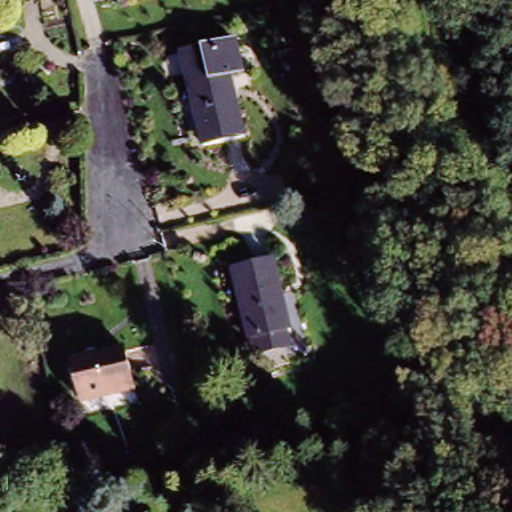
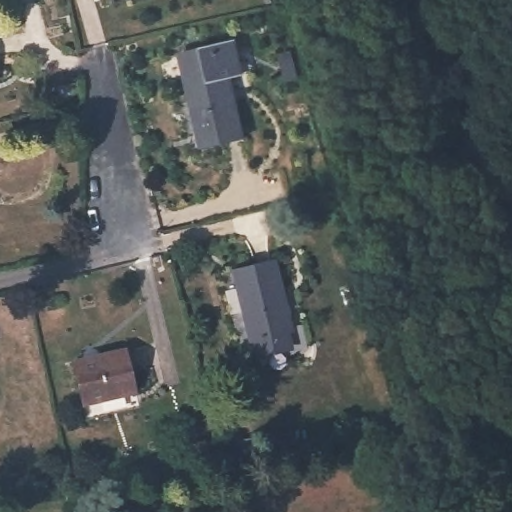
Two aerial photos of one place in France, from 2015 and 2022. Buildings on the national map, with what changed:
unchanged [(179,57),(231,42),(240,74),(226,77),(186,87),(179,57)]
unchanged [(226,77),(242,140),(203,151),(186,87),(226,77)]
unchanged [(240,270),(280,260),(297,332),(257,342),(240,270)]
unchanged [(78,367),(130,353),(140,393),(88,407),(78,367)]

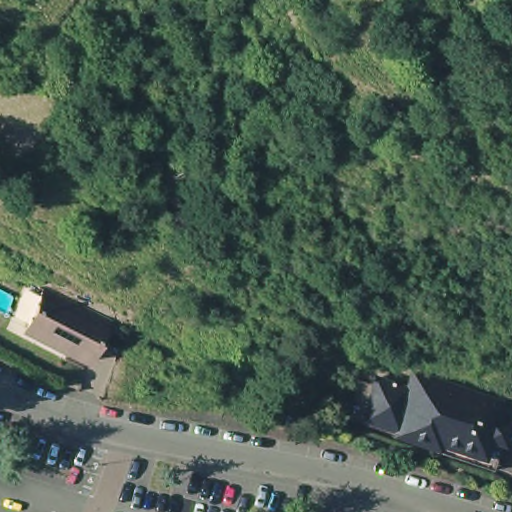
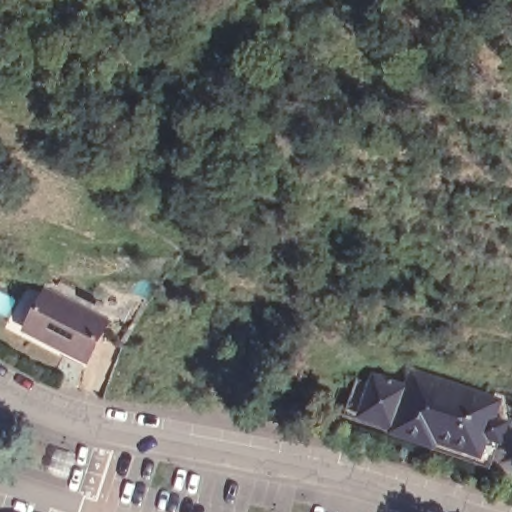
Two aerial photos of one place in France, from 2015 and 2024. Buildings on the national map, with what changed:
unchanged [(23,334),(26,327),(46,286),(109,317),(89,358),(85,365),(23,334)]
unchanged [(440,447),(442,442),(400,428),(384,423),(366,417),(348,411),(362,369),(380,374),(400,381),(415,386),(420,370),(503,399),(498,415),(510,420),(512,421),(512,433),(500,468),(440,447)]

------------------------------

Retype the data word for word, please, and keep the images out.

» Answer area
Two aerial photos of one place in France, from 2015 and 2022. Buildings on the national map, with what changed:
unchanged [(179,57),(231,42),(240,74),(226,77),(186,87),(179,57)]
unchanged [(226,77),(242,140),(203,151),(186,87),(226,77)]
unchanged [(240,270),(280,260),(297,332),(257,342),(240,270)]
unchanged [(78,367),(130,353),(140,393),(88,407),(78,367)]

Two aerial photos of one place in France, from 2015 and 2024. Buildings on the national map, with what changed:
unchanged [(23,334),(26,327),(46,286),(109,317),(89,358),(85,365),(23,334)]
unchanged [(440,447),(442,442),(400,428),(384,423),(366,417),(348,411),(362,369),(380,374),(400,381),(415,386),(420,370),(503,399),(498,415),(510,420),(512,421),(512,433),(500,468),(440,447)]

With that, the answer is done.